D’une part la spécificité des gènes humains a permis l’émergence de la culture, d’autre part, les différentes formes de culture de sélection naturelle. Au final, c’est l’organisation de la société qui influe sur la génétique des populations.
Dans les années 60, on peut considérer que la question raciale est revenue en force. Ce retour est lié à des groupes de pressions pourtant il raciste, qui ont réintroduit la race comme principe explicatif. On retrouve cette démarche par le conseil représentatif des associations noires pour qui les discriminations entre majorité minorité doit être mis en évidence à l’aide de statistiques ethniques. C’est, plus ou moins, le discours d’un mouvement comme celui des « indigènes de la république ».
De ce fait, même si le discours discriminatoire qui s’est diffusé dans la société française dans les années 80 explique cette évolution, les tenants d’une identité nationale à la française, comme ceux qui la refusent, se sont retrouvés comme des alliés objectifs. Pourtant, même si les différences sont présentées comme des évidences, rien n’est moins « évident » que la race. Pourtant, les chaînes de télévision ont présenté la mise en avant de présentateurs issus de minorités visibles comme des concessions indispensables à leur reconnaissance de leur statut dans la société.

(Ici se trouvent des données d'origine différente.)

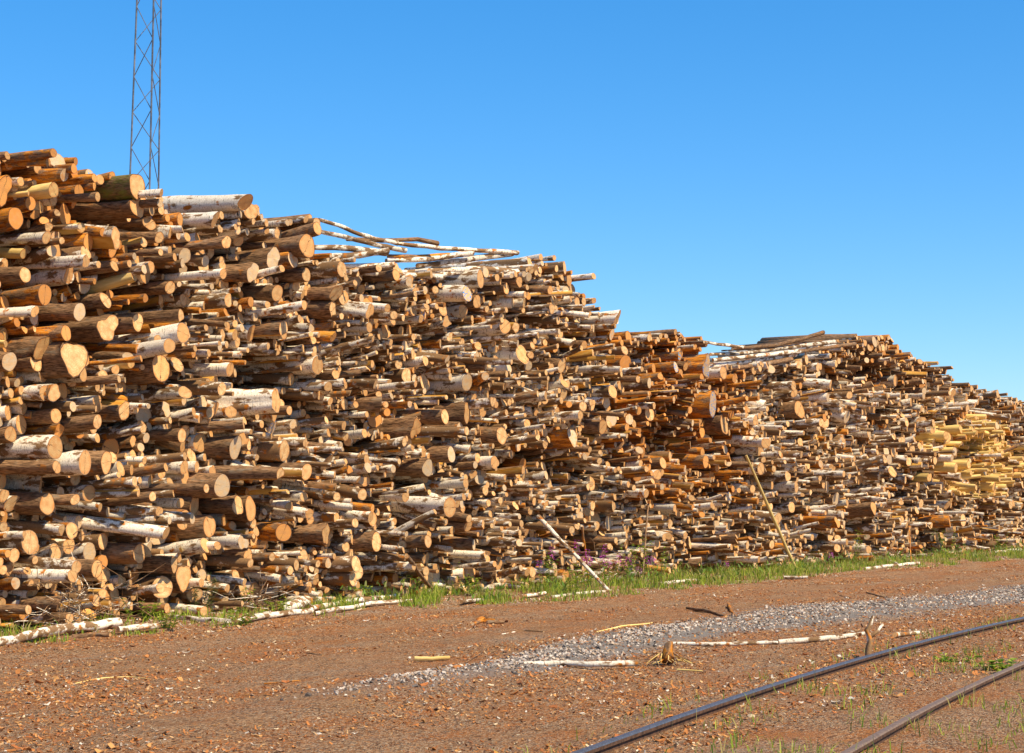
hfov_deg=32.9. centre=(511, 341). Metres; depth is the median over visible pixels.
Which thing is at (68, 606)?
brushwood
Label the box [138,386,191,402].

Selon Régis Meyran, cette évolution va à contre-courant de ce qui se passe aux États-Unis. De plus, la France est en retard. En réalité, ce discours sur l’identité nationale, qui se retrouve dans la conception de l’histoire de France selon Nicolas Sarkozy, s’inscrit dans une construction idéologique lourde de menaces. En affirmant une « identité nationale » qui ne repose sur rien de réel, le risque est grand de considérer que « l’autre » est porteur d’une menace sur l’identité nationale est donc sur la tranquillité publique. Cette conception d’une histoire de France déconnectée du réel, des brassages de populations, des enrichissements réciproques se retrouve analysée dans cet ouvrage présenté sur ce site, « comment Sarkozy écrit l’histoire de France ? ». Le risque est grand de voir apparaître une xénophobie d’État qu’il considèrerait que « l’étranger est un problème ».
On le voit, cet ouvrage est particulièrement stimulant et cette étude de la formation du concept d’identité nationale permet de décrypter le discours actuel en le rattachant à un passé qui décidément « ne passe pas ».